### ABOUT THIS TASK
Word for word, restate every line from the one with "eid. Departement des" through the end of the records below, both included, and add nothing.

(Saved entries)

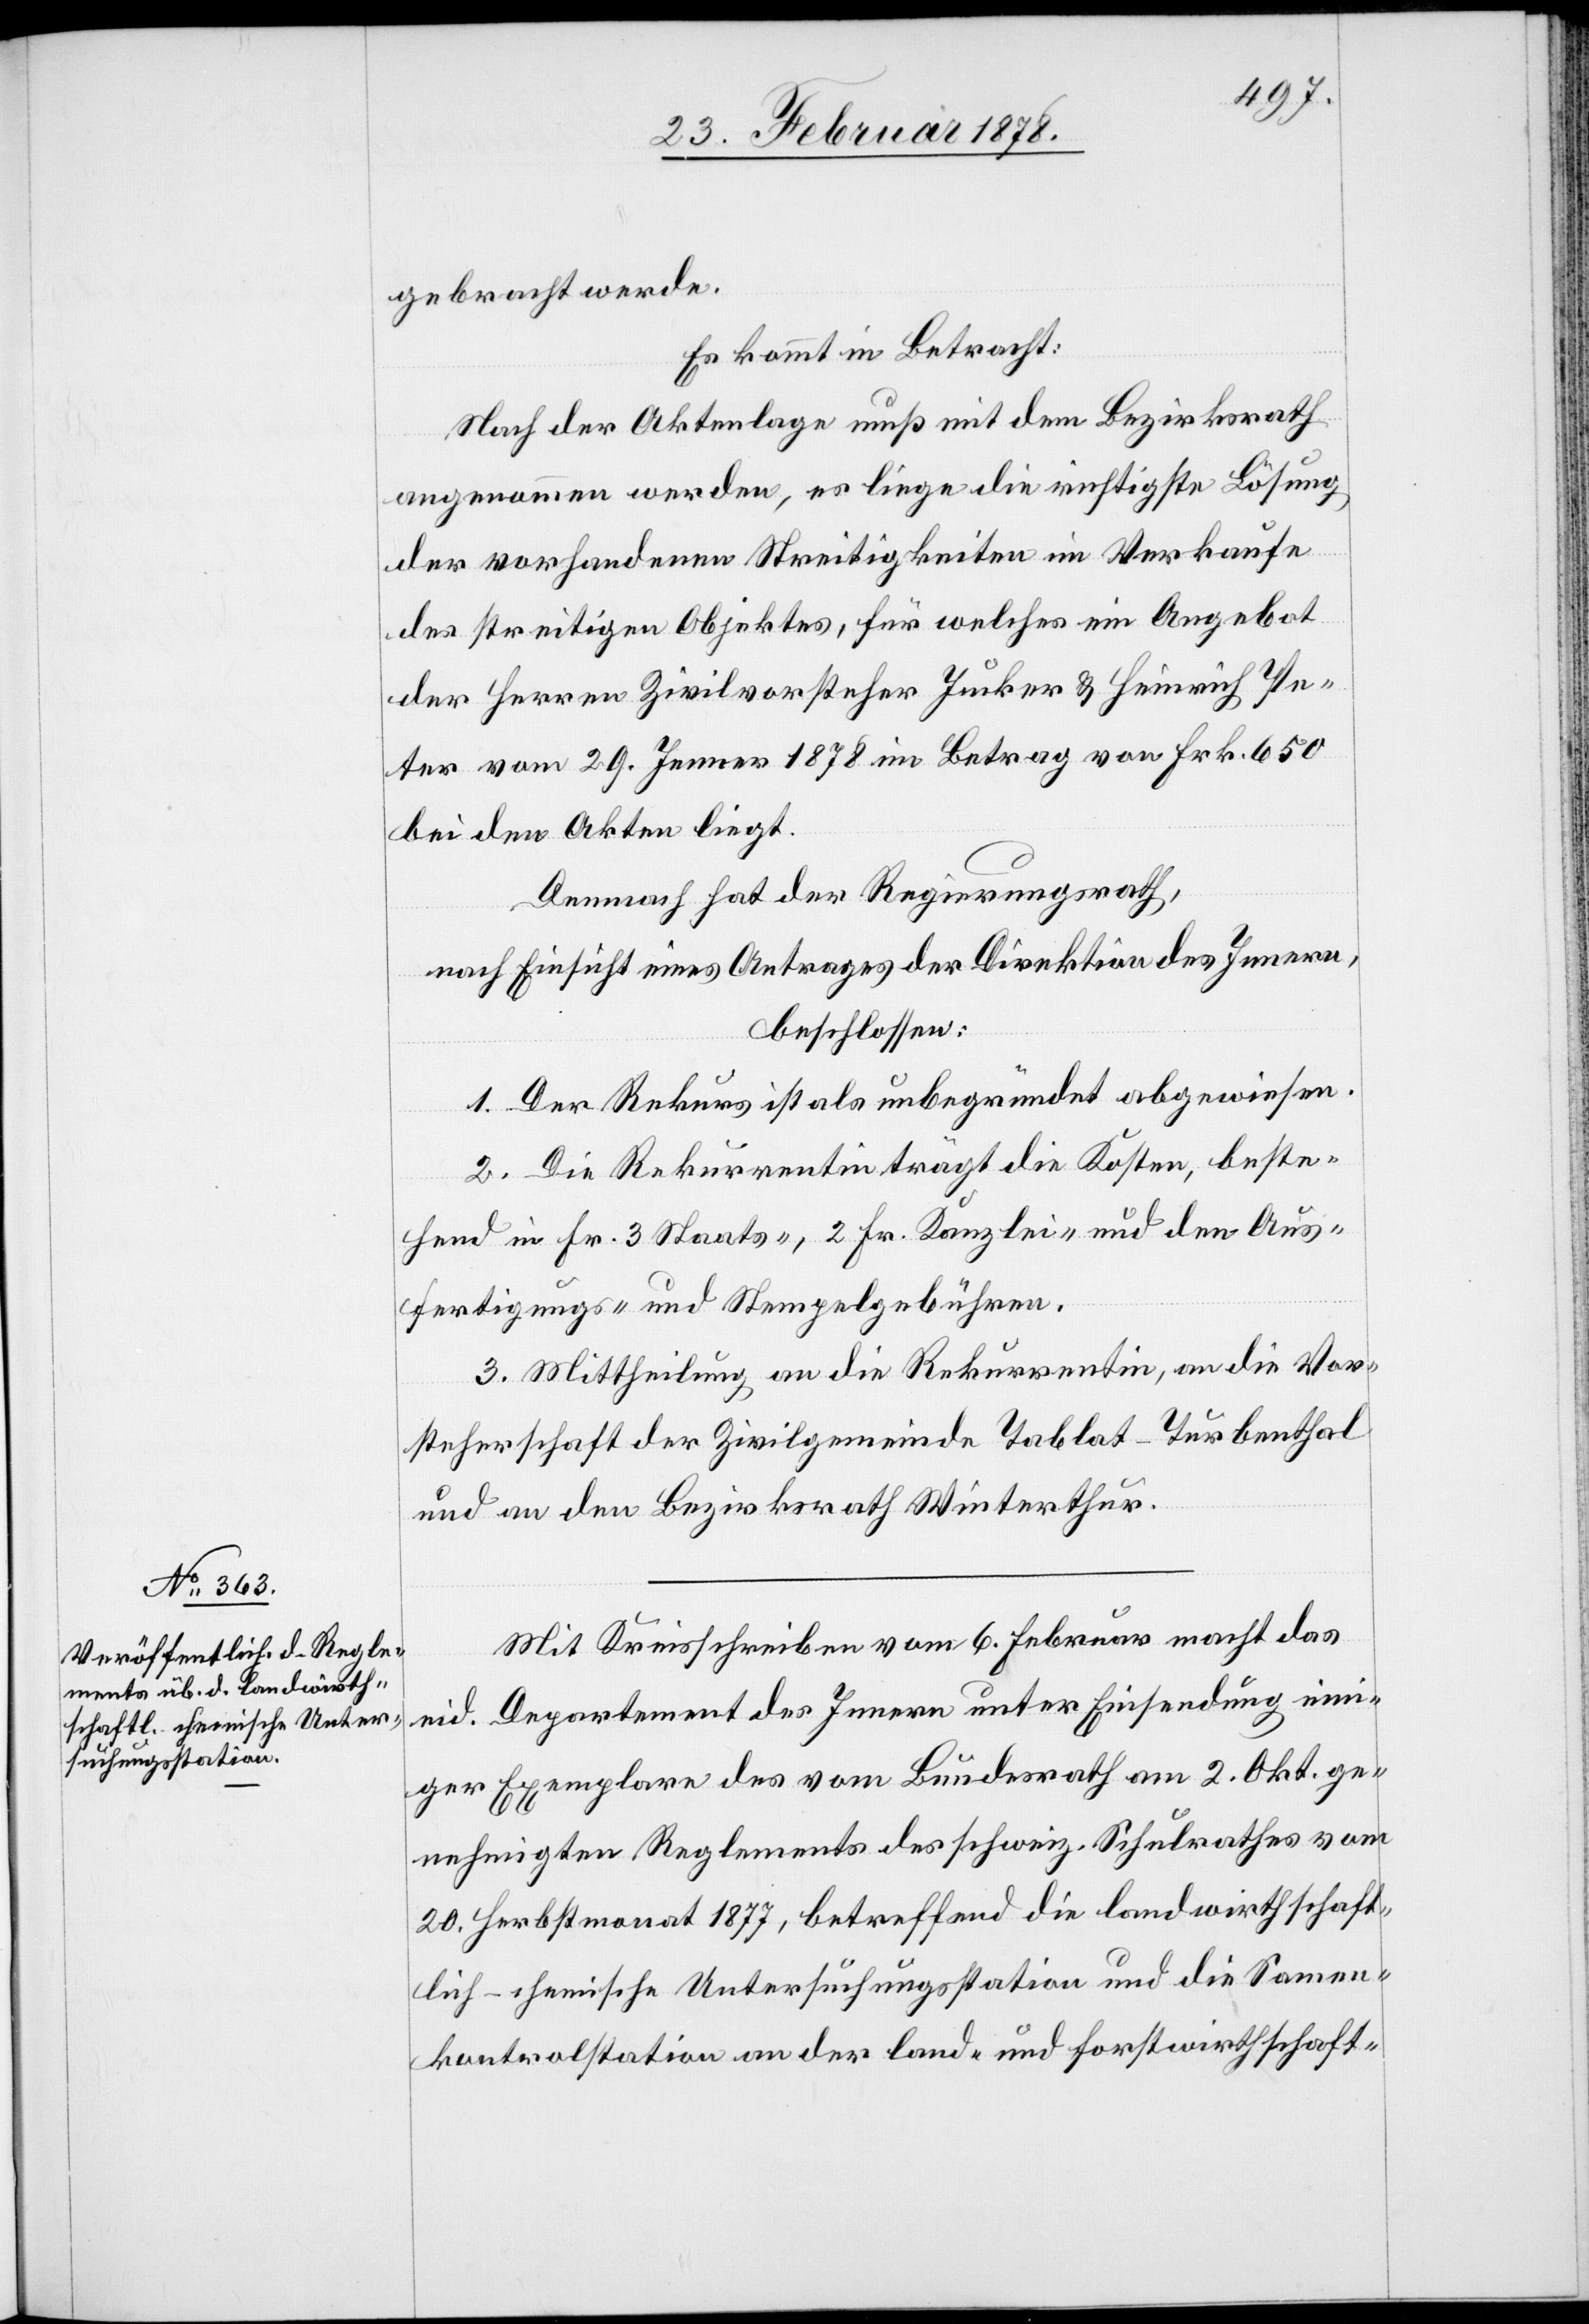
gebracht werde.
Es kommt in Betracht:
Nach der Aktenlage muß mit dem Bezirksrath
angenommen werden, es liege die richtigste Lösung
der vorhandenen Streitigkeiten im Verkaufe
des streitigen Objektes, für welches ein Angebot
der Herren Zivilvorsteher Jucker & Heinrich Pe¬
ter vom 29. Jenner 1878 im Betrag von Frk. 650
bei den Akten liegt.
Demnach hat der Regierungsrath,
nach Einsicht eines Antrages der Direktion des Innern,
beschlossen:
1. Der Rekurs ist als unbegründet abgewiesen.
2. Die Rekurrentin trägt die Kosten, beste¬
hend in Fr. 3 Staats-, 2 Fr. Kanzlei- und den Aus¬
fertigungs- und Stempelgebühren.
3. Mittheilung an die Rekurrentin, an die Vor¬
steherschaft der Zivilgemeinde Tablat - Turbenthal
und an den Bezirksrath Winterthur.
Mit Kreisschreiben vom 6. Februar macht das
eid. Departement des Innern unter Einsendung eini¬
ger Exemplare des vom Bundesrath am 2. Okt. ge¬
nehmigten Reglements des schweiz. Schulrathes vom
20. Herbstmonat 1877, betreffend die landwirthschaft¬
lich-chemische Untersuchungsstation und die Samen¬
kontrolstation an der land- und forstwirthschaft-

### TASK ANSWER
eid. Departement des Innern unter Einsendung eini¬
ger Exemplare des vom Bundesrath am 2. Okt. ge¬
nehmigten Reglements des schweiz. Schulrathes vom
20. Herbstmonat 1877, betreffend die landwirthschaft¬
lich-chemische Untersuchungsstation und die Samen¬
kontrolstation an der land- und forstwirthschaft-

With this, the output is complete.